Segment Start: Data provided

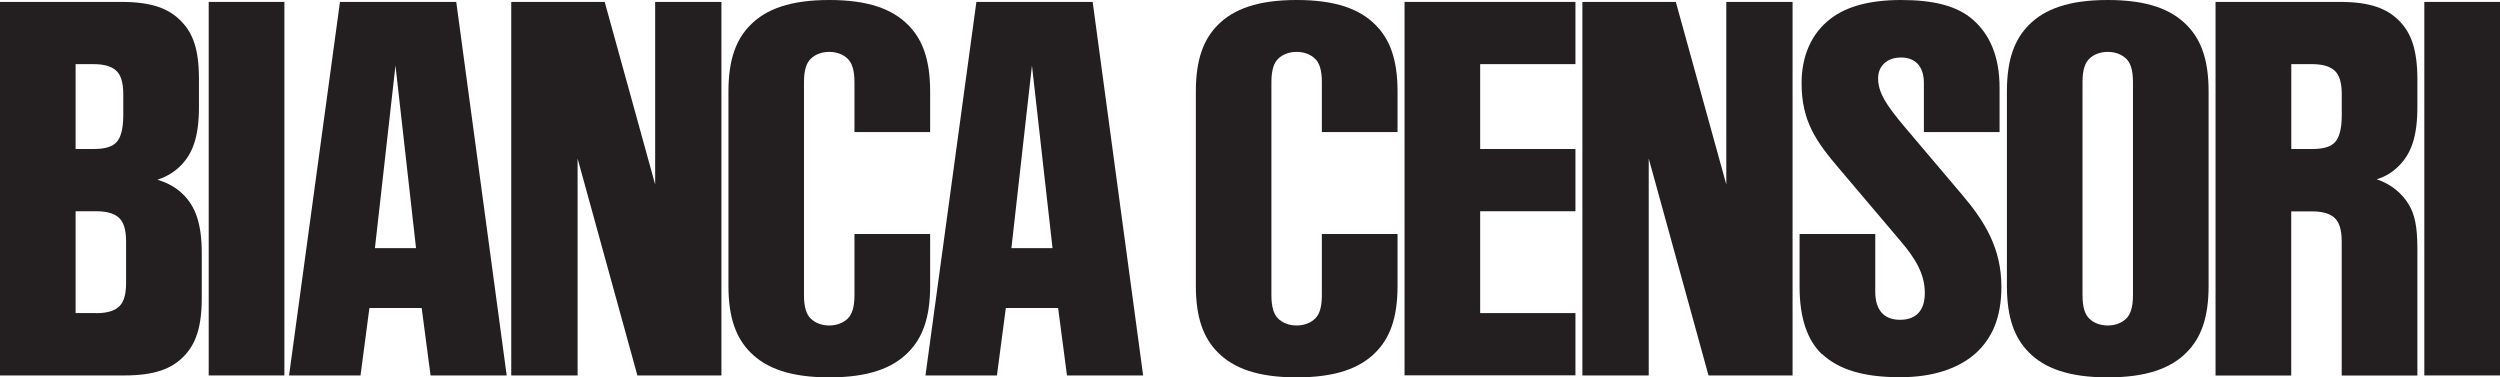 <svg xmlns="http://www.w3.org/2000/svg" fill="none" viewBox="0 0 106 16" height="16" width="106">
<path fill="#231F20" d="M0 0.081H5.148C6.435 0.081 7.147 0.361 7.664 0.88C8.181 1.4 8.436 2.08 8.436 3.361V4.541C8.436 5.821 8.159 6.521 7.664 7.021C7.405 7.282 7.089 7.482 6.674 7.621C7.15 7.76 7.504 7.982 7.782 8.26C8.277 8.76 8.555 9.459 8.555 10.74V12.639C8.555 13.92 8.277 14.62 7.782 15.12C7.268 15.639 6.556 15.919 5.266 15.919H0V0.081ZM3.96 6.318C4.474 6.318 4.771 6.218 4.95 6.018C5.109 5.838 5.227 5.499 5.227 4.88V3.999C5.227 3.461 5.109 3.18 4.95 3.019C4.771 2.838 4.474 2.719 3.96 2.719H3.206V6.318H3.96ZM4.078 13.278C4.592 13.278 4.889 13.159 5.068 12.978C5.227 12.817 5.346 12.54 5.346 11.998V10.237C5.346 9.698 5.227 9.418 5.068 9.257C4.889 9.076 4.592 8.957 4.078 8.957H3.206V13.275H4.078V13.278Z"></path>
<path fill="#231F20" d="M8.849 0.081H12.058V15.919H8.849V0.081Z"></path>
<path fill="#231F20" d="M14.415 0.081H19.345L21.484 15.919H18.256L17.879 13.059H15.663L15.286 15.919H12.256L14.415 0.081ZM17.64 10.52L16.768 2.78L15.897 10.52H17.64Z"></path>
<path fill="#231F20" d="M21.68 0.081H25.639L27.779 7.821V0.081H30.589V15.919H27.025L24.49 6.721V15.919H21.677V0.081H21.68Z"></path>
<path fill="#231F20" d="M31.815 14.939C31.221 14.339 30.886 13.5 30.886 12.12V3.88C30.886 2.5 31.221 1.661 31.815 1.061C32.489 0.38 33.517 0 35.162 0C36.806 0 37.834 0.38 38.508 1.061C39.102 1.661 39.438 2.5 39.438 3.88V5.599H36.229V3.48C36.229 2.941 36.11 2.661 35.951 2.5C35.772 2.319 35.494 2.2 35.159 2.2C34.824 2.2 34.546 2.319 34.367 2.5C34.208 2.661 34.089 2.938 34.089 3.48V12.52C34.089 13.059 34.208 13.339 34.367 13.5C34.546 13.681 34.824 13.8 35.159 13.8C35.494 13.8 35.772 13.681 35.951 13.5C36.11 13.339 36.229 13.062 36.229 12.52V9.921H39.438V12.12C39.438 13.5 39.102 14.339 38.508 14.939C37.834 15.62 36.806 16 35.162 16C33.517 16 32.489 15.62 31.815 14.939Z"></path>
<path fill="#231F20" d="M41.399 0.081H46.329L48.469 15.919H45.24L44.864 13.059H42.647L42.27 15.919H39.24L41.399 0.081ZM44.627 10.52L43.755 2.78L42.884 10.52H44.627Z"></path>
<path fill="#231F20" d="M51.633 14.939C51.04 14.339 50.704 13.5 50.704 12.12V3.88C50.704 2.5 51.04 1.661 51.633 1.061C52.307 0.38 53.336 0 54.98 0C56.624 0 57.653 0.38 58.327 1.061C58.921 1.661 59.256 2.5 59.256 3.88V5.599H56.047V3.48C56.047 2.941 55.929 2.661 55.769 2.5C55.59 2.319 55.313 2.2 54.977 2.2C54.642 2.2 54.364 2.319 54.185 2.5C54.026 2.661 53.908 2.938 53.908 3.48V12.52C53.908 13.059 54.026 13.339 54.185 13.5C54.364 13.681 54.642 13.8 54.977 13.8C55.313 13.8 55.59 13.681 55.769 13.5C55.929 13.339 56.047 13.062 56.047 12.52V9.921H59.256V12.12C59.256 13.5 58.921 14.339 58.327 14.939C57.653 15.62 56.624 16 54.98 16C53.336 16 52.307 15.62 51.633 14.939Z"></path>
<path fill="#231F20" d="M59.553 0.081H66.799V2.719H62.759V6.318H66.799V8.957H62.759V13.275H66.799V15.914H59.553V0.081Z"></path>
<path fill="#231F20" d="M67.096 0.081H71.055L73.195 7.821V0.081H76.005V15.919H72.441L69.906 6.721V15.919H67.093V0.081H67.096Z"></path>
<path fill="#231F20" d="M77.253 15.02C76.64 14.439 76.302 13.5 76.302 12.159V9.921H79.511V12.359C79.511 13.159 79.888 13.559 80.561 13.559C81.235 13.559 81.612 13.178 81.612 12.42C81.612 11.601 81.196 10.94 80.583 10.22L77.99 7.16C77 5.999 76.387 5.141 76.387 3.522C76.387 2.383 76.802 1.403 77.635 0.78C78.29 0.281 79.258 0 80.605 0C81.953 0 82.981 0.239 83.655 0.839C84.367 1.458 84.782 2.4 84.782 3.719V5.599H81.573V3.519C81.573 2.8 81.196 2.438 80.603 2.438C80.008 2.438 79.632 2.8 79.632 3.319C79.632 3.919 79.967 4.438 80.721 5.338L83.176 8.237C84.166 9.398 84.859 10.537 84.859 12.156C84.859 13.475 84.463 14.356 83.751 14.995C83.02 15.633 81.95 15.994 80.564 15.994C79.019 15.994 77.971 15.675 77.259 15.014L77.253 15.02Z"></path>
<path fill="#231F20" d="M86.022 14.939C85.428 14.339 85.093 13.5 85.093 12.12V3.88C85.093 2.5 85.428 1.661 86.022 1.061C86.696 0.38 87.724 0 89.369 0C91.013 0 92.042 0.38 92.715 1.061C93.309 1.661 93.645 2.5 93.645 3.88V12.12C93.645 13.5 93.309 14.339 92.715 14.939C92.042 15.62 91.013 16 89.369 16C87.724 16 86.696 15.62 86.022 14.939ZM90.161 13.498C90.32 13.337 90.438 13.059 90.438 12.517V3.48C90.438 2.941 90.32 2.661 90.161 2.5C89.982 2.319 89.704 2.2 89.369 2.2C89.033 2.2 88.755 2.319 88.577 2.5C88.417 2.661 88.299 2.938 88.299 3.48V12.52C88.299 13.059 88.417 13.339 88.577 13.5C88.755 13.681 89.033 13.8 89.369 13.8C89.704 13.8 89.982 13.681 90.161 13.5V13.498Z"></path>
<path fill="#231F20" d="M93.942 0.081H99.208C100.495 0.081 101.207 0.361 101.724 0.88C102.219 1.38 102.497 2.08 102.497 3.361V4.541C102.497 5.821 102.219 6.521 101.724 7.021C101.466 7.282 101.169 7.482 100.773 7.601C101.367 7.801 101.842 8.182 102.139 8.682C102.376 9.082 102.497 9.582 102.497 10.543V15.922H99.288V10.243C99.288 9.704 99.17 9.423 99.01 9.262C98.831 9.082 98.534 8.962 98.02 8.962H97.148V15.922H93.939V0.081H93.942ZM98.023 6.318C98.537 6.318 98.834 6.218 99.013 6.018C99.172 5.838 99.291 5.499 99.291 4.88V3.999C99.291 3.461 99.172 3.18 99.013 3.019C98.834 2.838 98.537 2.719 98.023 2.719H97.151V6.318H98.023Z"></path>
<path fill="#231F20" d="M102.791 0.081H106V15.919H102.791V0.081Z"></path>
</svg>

Segment End: Data provided

[What to work on]: When a record holds a picture, leave that picture out; copy the rest verbatim.

[Solution to the exercise]:
 <svg xmlns="http://www.w3.org/2000/svg" fill="none" viewBox="0 0 106 16" height="16" width="106">
<path fill="#231F20" d="M0 0.081H5.148C6.435 0.081 7.147 0.361 7.664 0.88C8.181 1.4 8.436 2.08 8.436 3.361V4.541C8.436 5.821 8.159 6.521 7.664 7.021C7.405 7.282 7.089 7.482 6.674 7.621C7.15 7.76 7.504 7.982 7.782 8.26C8.277 8.76 8.555 9.459 8.555 10.74V12.639C8.555 13.92 8.277 14.62 7.782 15.12C7.268 15.639 6.556 15.919 5.266 15.919H0V0.081ZM3.96 6.318C4.474 6.318 4.771 6.218 4.95 6.018C5.109 5.838 5.227 5.499 5.227 4.88V3.999C5.227 3.461 5.109 3.18 4.95 3.019C4.771 2.838 4.474 2.719 3.96 2.719H3.206V6.318H3.96ZM4.078 13.278C4.592 13.278 4.889 13.159 5.068 12.978C5.227 12.817 5.346 12.54 5.346 11.998V10.237C5.346 9.698 5.227 9.418 5.068 9.257C4.889 9.076 4.592 8.957 4.078 8.957H3.206V13.275H4.078V13.278Z"></path>
<path fill="#231F20" d="M8.849 0.081H12.058V15.919H8.849V0.081Z"></path>
<path fill="#231F20" d="M14.415 0.081H19.345L21.484 15.919H18.256L17.879 13.059H15.663L15.286 15.919H12.256L14.415 0.081ZM17.64 10.52L16.768 2.78L15.897 10.52H17.64Z"></path>
<path fill="#231F20" d="M21.68 0.081H25.639L27.779 7.821V0.081H30.589V15.919H27.025L24.49 6.721V15.919H21.677V0.081H21.68Z"></path>
<path fill="#231F20" d="M31.815 14.939C31.221 14.339 30.886 13.5 30.886 12.12V3.88C30.886 2.5 31.221 1.661 31.815 1.061C32.489 0.38 33.517 0 35.162 0C36.806 0 37.834 0.38 38.508 1.061C39.102 1.661 39.438 2.5 39.438 3.88V5.599H36.229V3.48C36.229 2.941 36.11 2.661 35.951 2.5C35.772 2.319 35.494 2.2 35.159 2.2C34.824 2.2 34.546 2.319 34.367 2.5C34.208 2.661 34.089 2.938 34.089 3.48V12.52C34.089 13.059 34.208 13.339 34.367 13.5C34.546 13.681 34.824 13.8 35.159 13.8C35.494 13.8 35.772 13.681 35.951 13.5C36.11 13.339 36.229 13.062 36.229 12.52V9.921H39.438V12.12C39.438 13.5 39.102 14.339 38.508 14.939C37.834 15.62 36.806 16 35.162 16C33.517 16 32.489 15.62 31.815 14.939Z"></path>
<path fill="#231F20" d="M41.399 0.081H46.329L48.469 15.919H45.24L44.864 13.059H42.647L42.27 15.919H39.24L41.399 0.081ZM44.627 10.52L43.755 2.78L42.884 10.52H44.627Z"></path>
<path fill="#231F20" d="M51.633 14.939C51.04 14.339 50.704 13.5 50.704 12.12V3.88C50.704 2.5 51.04 1.661 51.633 1.061C52.307 0.38 53.336 0 54.98 0C56.624 0 57.653 0.38 58.327 1.061C58.921 1.661 59.256 2.5 59.256 3.88V5.599H56.047V3.48C56.047 2.941 55.929 2.661 55.769 2.5C55.59 2.319 55.313 2.2 54.977 2.2C54.642 2.2 54.364 2.319 54.185 2.5C54.026 2.661 53.908 2.938 53.908 3.48V12.52C53.908 13.059 54.026 13.339 54.185 13.5C54.364 13.681 54.642 13.8 54.977 13.8C55.313 13.8 55.59 13.681 55.769 13.5C55.929 13.339 56.047 13.062 56.047 12.52V9.921H59.256V12.12C59.256 13.5 58.921 14.339 58.327 14.939C57.653 15.62 56.624 16 54.98 16C53.336 16 52.307 15.62 51.633 14.939Z"></path>
<path fill="#231F20" d="M59.553 0.081H66.799V2.719H62.759V6.318H66.799V8.957H62.759V13.275H66.799V15.914H59.553V0.081Z"></path>
<path fill="#231F20" d="M67.096 0.081H71.055L73.195 7.821V0.081H76.005V15.919H72.441L69.906 6.721V15.919H67.093V0.081H67.096Z"></path>
<path fill="#231F20" d="M77.253 15.02C76.64 14.439 76.302 13.5 76.302 12.159V9.921H79.511V12.359C79.511 13.159 79.888 13.559 80.561 13.559C81.235 13.559 81.612 13.178 81.612 12.42C81.612 11.601 81.196 10.94 80.583 10.22L77.99 7.16C77 5.999 76.387 5.141 76.387 3.522C76.387 2.383 76.802 1.403 77.635 0.78C78.29 0.281 79.258 0 80.605 0C81.953 0 82.981 0.239 83.655 0.839C84.367 1.458 84.782 2.4 84.782 3.719V5.599H81.573V3.519C81.573 2.8 81.196 2.438 80.603 2.438C80.008 2.438 79.632 2.8 79.632 3.319C79.632 3.919 79.967 4.438 80.721 5.338L83.176 8.237C84.166 9.398 84.859 10.537 84.859 12.156C84.859 13.475 84.463 14.356 83.751 14.995C83.02 15.633 81.95 15.994 80.564 15.994C79.019 15.994 77.971 15.675 77.259 15.014L77.253 15.02Z"></path>
<path fill="#231F20" d="M86.022 14.939C85.428 14.339 85.093 13.5 85.093 12.12V3.88C85.093 2.5 85.428 1.661 86.022 1.061C86.696 0.38 87.724 0 89.369 0C91.013 0 92.042 0.38 92.715 1.061C93.309 1.661 93.645 2.5 93.645 3.88V12.12C93.645 13.5 93.309 14.339 92.715 14.939C92.042 15.62 91.013 16 89.369 16C87.724 16 86.696 15.62 86.022 14.939ZM90.161 13.498C90.32 13.337 90.438 13.059 90.438 12.517V3.48C90.438 2.941 90.32 2.661 90.161 2.5C89.982 2.319 89.704 2.2 89.369 2.2C89.033 2.2 88.755 2.319 88.577 2.5C88.417 2.661 88.299 2.938 88.299 3.48V12.52C88.299 13.059 88.417 13.339 88.577 13.5C88.755 13.681 89.033 13.8 89.369 13.8C89.704 13.8 89.982 13.681 90.161 13.5V13.498Z"></path>
<path fill="#231F20" d="M93.942 0.081H99.208C100.495 0.081 101.207 0.361 101.724 0.88C102.219 1.38 102.497 2.08 102.497 3.361V4.541C102.497 5.821 102.219 6.521 101.724 7.021C101.466 7.282 101.169 7.482 100.773 7.601C101.367 7.801 101.842 8.182 102.139 8.682C102.376 9.082 102.497 9.582 102.497 10.543V15.922H99.288V10.243C99.288 9.704 99.17 9.423 99.01 9.262C98.831 9.082 98.534 8.962 98.02 8.962H97.148V15.922H93.939V0.081H93.942ZM98.023 6.318C98.537 6.318 98.834 6.218 99.013 6.018C99.172 5.838 99.291 5.499 99.291 4.88V3.999C99.291 3.461 99.172 3.18 99.013 3.019C98.834 2.838 98.537 2.719 98.023 2.719H97.151V6.318H98.023Z"></path>
<path fill="#231F20" d="M102.791 0.081H106V15.919H102.791V0.081Z"></path>
</svg>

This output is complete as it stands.